Assigned task — If a line in the records below holds the word "outcrop", copy it.

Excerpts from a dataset
----

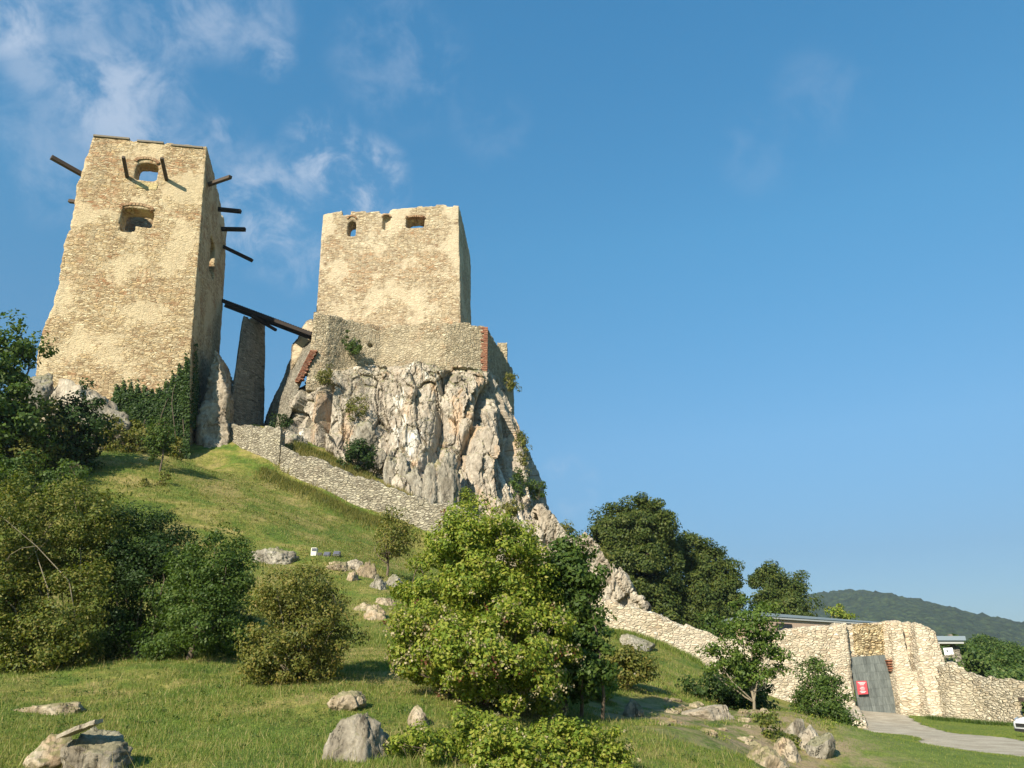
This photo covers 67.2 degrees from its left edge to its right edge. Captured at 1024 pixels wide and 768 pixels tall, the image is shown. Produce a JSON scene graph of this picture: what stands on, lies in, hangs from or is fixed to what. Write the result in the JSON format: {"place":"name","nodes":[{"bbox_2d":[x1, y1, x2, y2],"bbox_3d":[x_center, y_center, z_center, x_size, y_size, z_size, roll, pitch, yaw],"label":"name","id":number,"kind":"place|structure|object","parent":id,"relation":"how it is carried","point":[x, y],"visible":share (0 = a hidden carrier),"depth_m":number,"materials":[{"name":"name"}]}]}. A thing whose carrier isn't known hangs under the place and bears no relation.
{"place":"outdoors","nodes":[
{"label":"outdoors","id":0,"kind":"place"},
{"bbox_2d":[278,361,548,532],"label":"cliff","id":1,"kind":"structure","parent":0,"point":[420,414],"depth_m":63.84,"materials":[{"name":"stone"}]},
{"bbox_2d":[269,413,293,431],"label":"cliff tuft","id":2,"kind":"object","parent":1,"relation":"on","point":[282,422],"visible":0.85,"depth_m":63.02,"materials":[{"name":"green plant"}]},
{"bbox_2d":[313,364,333,386],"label":"cliff tuft","id":3,"kind":"object","parent":1,"relation":"on","point":[324,380],"visible":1,"depth_m":63.97,"materials":[{"name":"green plant"}]},
{"bbox_2d":[344,393,369,421],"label":"cliff tuft","id":4,"kind":"object","parent":1,"relation":"on","point":[351,406],"visible":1,"depth_m":62.69,"materials":[{"name":"green plant"}]},
{"bbox_2d":[349,419,379,452],"bbox_3d":[-11.704,4.461,61.415,2.398,3.192,2.004,0,-22,0],"label":"rock","id":5,"kind":"object","parent":1,"relation":"on","point":[365,429],"visible":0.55,"depth_m":60.76,"materials":[{"name":"grey stone"}]},
{"bbox_2d":[372,448,386,470],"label":"rock","id":6,"kind":"object","parent":1,"relation":"on","point":[380,458],"visible":0.98,"depth_m":59.02,"materials":[{"name":"grey stone"}]},
{"bbox_2d":[306,312,513,414],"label":"curtain wall","id":7,"kind":"structure","parent":1,"relation":"on","point":[446,346],"depth_m":68.65,"materials":[{"name":"stone"}]},
{"bbox_2d":[340,329,362,354],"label":"shrub","id":8,"kind":"object","parent":7,"relation":"attached to","point":[351,349],"visible":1,"depth_m":67.24,"materials":[{"name":"green plant"}]},
{"bbox_2d":[316,205,470,327],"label":"castle keep","id":9,"kind":"structure","parent":7,"relation":"on","point":[390,269],"depth_m":78.03,"materials":[{"name":"stone"}]},
{"bbox_2d":[496,497,523,518],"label":"cliff tuft","id":10,"kind":"object","parent":1,"relation":"on","point":[511,509],"visible":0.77,"depth_m":56.01,"materials":[{"name":"green plant"}]},
{"bbox_2d":[503,371,521,391],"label":"cliff tuft","id":11,"kind":"object","parent":1,"relation":"on","point":[511,384],"visible":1,"depth_m":70.33,"materials":[{"name":"green plant"}]},
{"bbox_2d":[508,465,529,500],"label":"cliff tuft","id":12,"kind":"object","parent":1,"relation":"on","point":[518,477],"visible":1,"depth_m":60.38,"materials":[{"name":"green plant"}]},
{"bbox_2d":[514,430,531,475],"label":"cliff tuft","id":13,"kind":"object","parent":1,"relation":"on","point":[521,440],"visible":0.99,"depth_m":62.90,"materials":[{"name":"green plant"}]},
{"bbox_2d":[525,478,547,500],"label":"cliff tuft","id":14,"kind":"object","parent":1,"relation":"on","point":[537,492],"visible":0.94,"depth_m":61.65,"materials":[{"name":"green plant"}]},
{"bbox_2d":[0,424,1023,767],"bbox_3d":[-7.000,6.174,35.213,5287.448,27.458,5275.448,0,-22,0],"label":"ground","id":15,"kind":"structure","parent":0,"point":[646,702],"depth_m":18.90,"materials":[{"name":"plant"}]},
{"bbox_2d":[0,308,61,472],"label":"maple tree","id":16,"kind":"object","parent":15,"relation":"on","point":[17,390],"visible":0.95,"depth_m":42.53,"materials":[{"name":"green plant"}]},
{"bbox_2d":[11,373,53,409],"bbox_3d":[-33.890,1.175,54.045,3.084,4.717,1.641,0,-22,0],"label":"rock outcrop","id":17,"kind":"object","parent":15,"relation":"on","point":[44,383],"visible":0.34,"depth_m":54.24,"materials":[{"name":"grey stone"}]},
{"bbox_2d":[0,391,81,485],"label":"scrub bush","id":18,"kind":"object","parent":15,"relation":"on","point":[13,449],"visible":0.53,"depth_m":42.92,"materials":[{"name":"green plant"}]},
{"bbox_2d":[22,733,71,767],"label":"boulder","id":19,"kind":"object","parent":15,"relation":"on","point":[46,752],"visible":0.74,"depth_m":11.02,"materials":[{"name":"stone"}]},
{"bbox_2d":[0,448,97,516],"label":"green bush","id":20,"kind":"object","parent":15,"relation":"on","point":[11,464],"visible":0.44,"depth_m":36.95,"materials":[{"name":"green plant"}]},
{"bbox_2d":[14,701,86,714],"bbox_3d":[-9.079,6.435,15.000,1.409,0.463,0.648,0,-22,0],"label":"flat rock","id":21,"kind":"object","parent":15,"relation":"on","point":[54,708],"visible":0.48,"depth_m":14.81,"materials":[{"name":"stone"}]},
{"bbox_2d":[0,468,138,673],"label":"thicket bush","id":22,"kind":"object","parent":15,"relation":"on","point":[27,544],"visible":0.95,"depth_m":20.63,"materials":[{"name":"green plant"}]},
{"bbox_2d":[40,379,117,436],"bbox_3d":[-31.037,3.375,54.662,6.629,7.673,3.475,0,-22,0],"label":"rock outcrop","id":23,"kind":"object","parent":15,"relation":"on","point":[63,387],"visible":0.14,"depth_m":54.71,"materials":[{"name":"stone"}]},
{"bbox_2d":[43,377,120,472],"bbox_3d":[-25.999,2.765,46.088,3.816,5.947,4.537,-20,-29,41],"label":"dark bush","id":24,"kind":"object","parent":15,"relation":"on","point":[87,437],"visible":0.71,"depth_m":45.57,"materials":[{"name":"green plant"}]},
{"bbox_2d":[60,726,132,767],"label":"boulder","id":25,"kind":"object","parent":15,"relation":"on","point":[93,747],"visible":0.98,"depth_m":10.83,"materials":[{"name":"stone"}]},
{"bbox_2d":[56,719,102,738],"bbox_3d":[-6.076,4.864,10.865,0.546,0.262,0.320,-6,-22,14],"label":"stone slab","id":26,"kind":"object","parent":25,"relation":"on","point":[78,729],"depth_m":10.76,"materials":[{"name":"stone"}]},
{"bbox_2d":[81,400,130,450],"bbox_3d":[-28.144,3.026,53.400,3.507,3.918,1.934,0,-22,0],"label":"rock outcrop","id":27,"kind":"object","parent":15,"relation":"on","point":[122,414],"visible":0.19,"depth_m":53.36,"materials":[{"name":"grey stone"}]},
{"bbox_2d":[27,134,252,445],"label":"ruined tower","id":28,"kind":"structure","parent":15,"relation":"on","point":[139,294],"depth_m":62.44,"materials":[{"name":"stone"}]},
{"bbox_2d":[110,340,200,458],"bbox_3d":[-26.470,1.080,58.605,6.736,10.542,3.570,17,-27,-37],"label":"ivy","id":29,"kind":"object","parent":28,"relation":"attached to","point":[135,405],"visible":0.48,"depth_m":57.91,"materials":[{"name":"green plant"}]},
{"bbox_2d":[94,412,185,459],"bbox_3d":[-25.282,3.605,52.689,5.897,3.154,3.896,9,-24,-22],"label":"brush","id":30,"kind":"object","parent":15,"relation":"on","point":[137,433],"visible":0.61,"depth_m":52.07,"materials":[{"name":"green plant"}]},
{"bbox_2d":[137,471,171,486],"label":"weed","id":31,"kind":"object","parent":15,"relation":"on","point":[145,481],"visible":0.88,"depth_m":44.71,"materials":[{"name":"green plant"}]},
{"bbox_2d":[137,416,177,471],"bbox_3d":[-22.010,3.830,47.966,2.137,3.936,2.139,-18,-28,38],"label":"sapling","id":32,"kind":"object","parent":15,"relation":"on","point":[162,442],"visible":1,"depth_m":47.82,"materials":[{"name":"green plant"}]},
{"bbox_2d":[63,500,262,660],"bbox_3d":[-10.452,6.036,23.269,5.971,4.833,4.051,17,-28,-37],"label":"dark thicket","id":33,"kind":"object","parent":15,"relation":"on","point":[147,561],"visible":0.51,"depth_m":22.13,"materials":[{"name":"green plant"}]},
{"bbox_2d":[122,522,263,660],"bbox_3d":[-8.347,5.676,20.897,2.922,3.942,3.804,20,-29,-41],"label":"bush","id":34,"kind":"object","parent":15,"relation":"on","point":[204,583],"visible":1,"depth_m":20.25,"materials":[{"name":"green plant"}]},
{"bbox_2d":[195,350,233,447],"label":"rock pier","id":35,"kind":"structure","parent":15,"relation":"on","point":[215,417],"depth_m":61.14,"materials":[{"name":"stone"}]},
{"bbox_2d":[232,316,264,425],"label":"bridge pier","id":36,"kind":"structure","parent":15,"relation":"on","point":[248,391],"depth_m":69.40,"materials":[{"name":"grey stone"}]},
{"bbox_2d":[222,298,311,339],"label":"timber bridge","id":37,"kind":"structure","parent":36,"relation":"on","point":[268,321],"depth_m":71.42,"materials":[{"name":"wood"}]},
{"bbox_2d":[229,423,284,465],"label":"stone wall","id":38,"kind":"structure","parent":15,"relation":"on","point":[266,442],"depth_m":58.75,"materials":[{"name":"grey stone"}]},
{"bbox_2d":[250,546,299,564],"bbox_3d":[-11.217,8.347,36.227,2.390,1.315,1.259,0,-22,0],"label":"rock","id":39,"kind":"object","parent":15,"relation":"on","point":[275,555],"visible":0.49,"depth_m":35.84,"materials":[{"name":"grey stone"}]},
{"bbox_2d":[264,319,317,427],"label":"ruined wall","id":40,"kind":"structure","parent":15,"relation":"on","point":[303,355],"depth_m":68.45,"materials":[{"name":"grey stone"}]},
{"bbox_2d":[285,434,307,443],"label":"rock","id":41,"kind":"object","parent":15,"relation":"on","point":[293,437],"visible":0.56,"depth_m":60.71,"materials":[{"name":"grey stone"}]},
{"bbox_2d":[230,556,369,686],"bbox_3d":[-4.907,5.550,18.059,2.980,3.147,3.140,0,-22,0],"label":"olive shrub","id":42,"kind":"object","parent":15,"relation":"on","point":[294,637],"visible":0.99,"depth_m":17.52,"materials":[{"name":"green plant"}]},
{"bbox_2d":[252,465,389,534],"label":"tall grass","id":43,"kind":"structure","parent":15,"relation":"on","point":[286,482],"depth_m":53.46,"materials":[{"name":"green plant"}]},
{"bbox_2d":[281,439,378,479],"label":"bank weeds","id":44,"kind":"object","parent":15,"relation":"on","point":[323,453],"visible":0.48,"depth_m":58.99,"materials":[{"name":"green plant"}]},
{"bbox_2d":[326,561,352,571],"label":"rock","id":45,"kind":"object","parent":15,"relation":"on","point":[343,566],"visible":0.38,"depth_m":35.32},
{"bbox_2d":[327,690,366,710],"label":"rock","id":46,"kind":"object","parent":15,"relation":"on","point":[351,700],"visible":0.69,"depth_m":14.49,"materials":[{"name":"stone"}]},
{"bbox_2d":[269,443,424,514],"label":"bank grass","id":47,"kind":"structure","parent":15,"relation":"on","point":[365,477],"depth_m":57.50,"materials":[{"name":"plant"}]},
{"bbox_2d":[322,712,389,762],"bbox_3d":[-2.290,5.386,10.988,1.049,1.295,0.758,0,-22,0],"label":"boulder","id":48,"kind":"object","parent":15,"relation":"on","point":[365,733],"visible":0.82,"depth_m":11.00,"materials":[{"name":"stone"}]},
{"bbox_2d":[347,559,364,570],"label":"rock","id":49,"kind":"object","parent":15,"relation":"on","point":[355,564],"visible":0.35,"depth_m":35.89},
{"bbox_2d":[336,438,379,473],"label":"bank bush","id":50,"kind":"object","parent":15,"relation":"on","point":[354,452],"visible":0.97,"depth_m":58.96,"materials":[{"name":"green plant"}]},
{"bbox_2d":[356,560,376,578],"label":"rock","id":51,"kind":"object","parent":15,"relation":"on","point":[368,569],"visible":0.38,"depth_m":35.05,"materials":[{"name":"stone"}]},
{"bbox_2d":[364,604,385,619],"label":"rock","id":52,"kind":"object","parent":15,"relation":"on","point":[376,611],"visible":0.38,"depth_m":27.72,"materials":[{"name":"stone"}]},
{"bbox_2d":[369,574,386,589],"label":"rock","id":53,"kind":"object","parent":15,"relation":"on","point":[378,582],"visible":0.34,"depth_m":32.62,"materials":[{"name":"grey stone"}]},
{"bbox_2d":[375,597,396,605],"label":"rock","id":54,"kind":"object","parent":15,"relation":"on","point":[388,601],"visible":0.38,"depth_m":30.25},
{"bbox_2d":[383,450,396,483],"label":"rock","id":55,"kind":"object","parent":15,"relation":"on","point":[390,463],"visible":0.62,"depth_m":58.10,"materials":[{"name":"grey stone"}]},
{"bbox_2d":[280,445,504,561],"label":"stone wall","id":56,"kind":"structure","parent":15,"relation":"on","point":[377,496],"depth_m":54.17,"materials":[{"name":"grey stone"}]},
{"bbox_2d":[371,505,422,575],"bbox_3d":[-5.549,7.516,36.748,2.473,3.741,3.216,16,-27,-35],"label":"sapling","id":57,"kind":"object","parent":15,"relation":"on","point":[391,536],"visible":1,"depth_m":36.47,"materials":[{"name":"green plant"}]},
{"bbox_2d":[0,449,806,715],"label":"grass","id":58,"kind":"structure","parent":15,"relation":"on","point":[695,699],"depth_m":41.88,"materials":[{"name":"plant"}]},
{"bbox_2d":[398,453,409,476],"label":"rock","id":59,"kind":"object","parent":15,"relation":"on","point":[404,468],"visible":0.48,"depth_m":57.98,"materials":[{"name":"grey stone"}]},
{"bbox_2d":[406,466,422,496],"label":"rock","id":60,"kind":"object","parent":15,"relation":"on","point":[414,479],"visible":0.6,"depth_m":56.98,"materials":[{"name":"grey stone"}]},
{"bbox_2d":[0,449,830,767],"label":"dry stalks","id":61,"kind":"object","parent":15,"relation":"on","point":[282,681],"visible":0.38,"depth_m":15.80,"materials":[{"name":"beige plant"}]},
{"bbox_2d":[0,628,835,767],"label":"grass","id":62,"kind":"structure","parent":15,"relation":"on","point":[331,688],"depth_m":14.86,"materials":[{"name":"plant"}]},
{"bbox_2d":[407,704,428,726],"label":"rock","id":63,"kind":"object","parent":15,"relation":"on","point":[417,712],"visible":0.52,"depth_m":13.81,"materials":[{"name":"stone"}]},
{"bbox_2d":[422,462,437,503],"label":"rock","id":64,"kind":"object","parent":15,"relation":"on","point":[429,487],"visible":0.56,"depth_m":56.59,"materials":[{"name":"grey stone"}]},
{"bbox_2d":[437,451,460,504],"bbox_3d":[-4.811,7.882,57.050,1.924,6.083,1.512,-9,-23,21],"label":"rock","id":65,"kind":"object","parent":15,"relation":"on","point":[448,483],"visible":0.63,"depth_m":56.91,"materials":[{"name":"grey stone"}]},
{"bbox_2d":[458,486,479,511],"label":"cliff tuft","id":66,"kind":"object","parent":15,"relation":"on","point":[464,494],"visible":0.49,"depth_m":56.74,"materials":[{"name":"green plant"}]},
{"bbox_2d":[381,492,585,718],"bbox_3d":[-0.607,4.714,17.122,4.567,5.141,4.510,0,-22,0],"label":"flowering shrub","id":67,"kind":"object","parent":15,"relation":"on","point":[526,660],"visible":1,"depth_m":16.56,"materials":[{"name":"green plant"}]},
{"bbox_2d":[382,705,640,767],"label":"shrub","id":68,"kind":"object","parent":15,"relation":"on","point":[542,748],"visible":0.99,"depth_m":11.28,"materials":[{"name":"green plant"}]},
{"bbox_2d":[528,528,622,720],"bbox_3d":[1.179,5.671,18.254,2.819,4.463,1.961,-19,-28,39],"label":"elder bush","id":69,"kind":"object","parent":15,"relation":"on","point":[579,583],"visible":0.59,"depth_m":17.83,"materials":[{"name":"green plant"}]},
{"bbox_2d":[530,503,669,619],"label":"rock ridge","id":70,"kind":"object","parent":15,"relation":"on","point":[620,589],"visible":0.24,"depth_m":51.51,"materials":[{"name":"stone"}]},
{"bbox_2d":[560,519,579,536],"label":"cliff tuft","id":71,"kind":"object","parent":70,"relation":"on","point":[565,527],"visible":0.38,"depth_m":58.10,"materials":[{"name":"green plant"}]},
{"bbox_2d":[588,679,622,701],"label":"weed clump","id":72,"kind":"object","parent":15,"relation":"on","point":[613,687],"visible":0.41,"depth_m":20.18,"materials":[{"name":"green plant"}]},
{"bbox_2d":[602,643,661,689],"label":"bush","id":73,"kind":"object","parent":15,"relation":"on","point":[628,660],"visible":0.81,"depth_m":23.05,"materials":[{"name":"green plant"}]},
{"bbox_2d":[622,698,643,716],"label":"rock","id":74,"kind":"object","parent":15,"relation":"on","point":[633,707],"visible":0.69,"depth_m":18.75,"materials":[{"name":"grey stone"}]},
{"bbox_2d":[620,633,654,651],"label":"boulder","id":75,"kind":"object","parent":15,"relation":"on","point":[627,639],"visible":0.55,"depth_m":41.81,"materials":[{"name":"grey stone"}]},
{"bbox_2d":[585,491,691,625],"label":"oak tree","id":76,"kind":"object","parent":15,"relation":"on","point":[638,541],"visible":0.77,"depth_m":71.37,"materials":[{"name":"green plant"}]},
{"bbox_2d":[602,627,705,666],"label":"wall foot grass","id":77,"kind":"structure","parent":15,"relation":"on","point":[665,646],"depth_m":44.07,"materials":[{"name":"plant"}]},
{"bbox_2d":[591,597,743,679],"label":"stone wall","id":78,"kind":"structure","parent":15,"relation":"on","point":[688,638],"depth_m":46.08,"materials":[{"name":"stone"}]},
{"bbox_2d":[667,529,746,628],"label":"oak tree","id":79,"kind":"object","parent":15,"relation":"on","point":[714,585],"visible":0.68,"depth_m":73.92,"materials":[{"name":"green plant"}]},
{"bbox_2d":[681,704,734,720],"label":"flat rock","id":80,"kind":"object","parent":15,"relation":"on","point":[714,712],"visible":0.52,"depth_m":19.86,"materials":[{"name":"stone"}]},
{"bbox_2d":[657,697,770,746],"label":"loose stones","id":81,"kind":"object","parent":15,"relation":"on","point":[748,740],"visible":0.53,"depth_m":19.80,"materials":[{"name":"stone"}]},
{"bbox_2d":[693,610,739,638],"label":"bush","id":82,"kind":"object","parent":15,"relation":"on","point":[711,626],"visible":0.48,"depth_m":52.41,"materials":[{"name":"green plant"}]},
{"bbox_2d":[675,656,781,710],"bbox_3d":[7.024,9.920,25.142,3.274,2.001,2.622,0,-22,0],"label":"dark bush","id":83,"kind":"object","parent":15,"relation":"on","point":[722,693],"visible":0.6,"depth_m":24.60,"materials":[{"name":"green plant"}]},
{"bbox_2d":[629,689,840,738],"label":"knoll weeds","id":84,"kind":"object","parent":15,"relation":"on","point":[811,715],"visible":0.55,"depth_m":20.85,"materials":[{"name":"green plant"}]},
{"bbox_2d":[694,594,795,708],"bbox_3d":[7.153,8.128,22.955,3.242,3.711,1.954,9,-23,-21],"label":"young tree","id":85,"kind":"object","parent":15,"relation":"on","point":[747,672],"visible":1,"depth_m":22.94,"materials":[{"name":"green plant"}]},
{"bbox_2d":[746,743,786,767],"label":"rock","id":86,"kind":"object","parent":15,"relation":"on","point":[766,756],"visible":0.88,"depth_m":15.29,"materials":[{"name":"stone"}]},
{"bbox_2d":[742,710,802,750],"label":"knoll shrub","id":87,"kind":"object","parent":15,"relation":"on","point":[762,723],"visible":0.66,"depth_m":18.78,"materials":[{"name":"green plant"}]},
{"bbox_2d":[744,560,825,616],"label":"oak tree","id":88,"kind":"object","parent":15,"relation":"on","point":[786,592],"visible":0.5,"depth_m":80.27,"materials":[{"name":"green plant"}]},
{"bbox_2d":[773,737,801,762],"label":"rock","id":89,"kind":"object","parent":15,"relation":"on","point":[786,747],"visible":0.66,"depth_m":17.17,"materials":[{"name":"stone"}]},
{"bbox_2d":[785,718,805,735],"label":"rock","id":90,"kind":"object","parent":15,"relation":"on","point":[796,726],"visible":0.5,"depth_m":19.14,"materials":[{"name":"stone"}]},
{"bbox_2d":[721,613,874,689],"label":"visitor building","id":91,"kind":"structure","parent":15,"relation":"on","point":[791,621],"depth_m":60.19,"materials":[{"name":"grey metal"}]},
{"bbox_2d":[794,724,818,748],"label":"rock","id":92,"kind":"object","parent":15,"relation":"on","point":[808,734],"visible":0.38,"depth_m":18.12,"materials":[{"name":"stone"}]},
{"bbox_2d":[803,732,835,758],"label":"rock","id":93,"kind":"object","parent":15,"relation":"on","point":[822,746],"visible":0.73,"depth_m":17.69,"materials":[{"name":"grey stone"}]},
{"bbox_2d":[786,654,863,726],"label":"feathery bush","id":94,"kind":"object","parent":15,"relation":"on","point":[833,708],"visible":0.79,"depth_m":27.48,"materials":[{"name":"green plant"}]},
{"bbox_2d":[823,603,858,619],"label":"oak tree","id":95,"kind":"object","parent":15,"relation":"on","point":[839,612],"visible":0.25,"depth_m":105.34,"materials":[{"name":"green plant"}]},
{"bbox_2d":[740,620,944,728],"bbox_3d":[19.576,15.856,42.011,12.308,6.589,14.407,0,-22,0],"label":"gatehouse ruin","id":96,"kind":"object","parent":15,"relation":"on","point":[912,653],"visible":0.57,"depth_m":46.43,"materials":[{"name":"stone"}]},
{"bbox_2d":[851,655,895,712],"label":"gate","id":97,"kind":"structure","parent":96,"relation":"attached to","point":[873,671],"depth_m":46.37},
{"bbox_2d":[856,681,867,694],"bbox_3d":[20.950,18.166,46.062,0.662,0.768,0.130,0,-22,0],"label":"sign","id":98,"kind":"object","parent":97,"relation":"attached to","point":[862,688],"visible":1,"depth_m":46.05,"materials":[{"name":"metal"}]},
{"bbox_2d":[831,715,1023,767],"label":"lawn grass","id":99,"kind":"structure","parent":15,"relation":"on","point":[915,718],"depth_m":20.34,"materials":[{"name":"plant"}]},
{"bbox_2d":[936,634,965,670],"bbox_3d":[31.924,22.703,60.385,5.749,5.666,5.000,0,-22,0],"label":"canopy","id":100,"kind":"object","parent":15,"relation":"on","point":[951,640],"visible":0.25,"depth_m":59.03,"materials":[{"name":"grey metal"}]},
{"bbox_2d":[925,714,1013,726],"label":"wall weeds","id":101,"kind":"object","parent":15,"relation":"on","point":[963,720],"depth_m":40.73,"materials":[{"name":"green plant"}]},
{"bbox_2d":[935,661,1023,722],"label":"stone wall","id":102,"kind":"structure","parent":15,"relation":"on","point":[963,693],"depth_m":41.71,"materials":[{"name":"stone"}]},
{"bbox_2d":[940,633,1023,712],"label":"woodland","id":103,"kind":"object","parent":15,"relation":"on","point":[983,655],"visible":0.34,"depth_m":59.87,"materials":[{"name":"green plant"}]},
{"bbox_2d":[1013,716,1023,732],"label":"parked car","id":104,"kind":"object","parent":15,"relation":"on","point":[1018,723],"visible":1,"depth_m":30.14,"materials":[{"name":"white paint"}]},
{"bbox_2d":[0,0,1023,621],"label":"sky","id":105,"kind":"structure","parent":0,"point":[754,269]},
{"bbox_2d":[801,589,1023,646],"bbox_3d":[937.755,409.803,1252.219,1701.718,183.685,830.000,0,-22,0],"label":"forested hill","id":106,"kind":"structure","parent":0,"point":[877,606],"depth_m":1148.88,"materials":[{"name":"plant"}]},
{"bbox_2d":[861,710,1023,756],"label":"path","id":107,"kind":"structure","parent":0,"point":[889,723],"depth_m":28.76,"materials":[{"name":"concrete"}]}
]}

----

Response below —
{"bbox_2d":[11,373,53,409],"bbox_3d":[-33.890,1.175,54.045,3.084,4.717,1.641,0,-22,0],"label":"rock outcrop","id":17,"kind":"object","parent":15,"relation":"on","point":[44,383],"visible":0.34,"depth_m":54.24,"materials":[{"name":"grey stone"}]},
{"bbox_2d":[40,379,117,436],"bbox_3d":[-31.037,3.375,54.662,6.629,7.673,3.475,0,-22,0],"label":"rock outcrop","id":23,"kind":"object","parent":15,"relation":"on","point":[63,387],"visible":0.14,"depth_m":54.71,"materials":[{"name":"stone"}]},
{"bbox_2d":[81,400,130,450],"bbox_3d":[-28.144,3.026,53.400,3.507,3.918,1.934,0,-22,0],"label":"rock outcrop","id":27,"kind":"object","parent":15,"relation":"on","point":[122,414],"visible":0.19,"depth_m":53.36,"materials":[{"name":"grey stone"}]},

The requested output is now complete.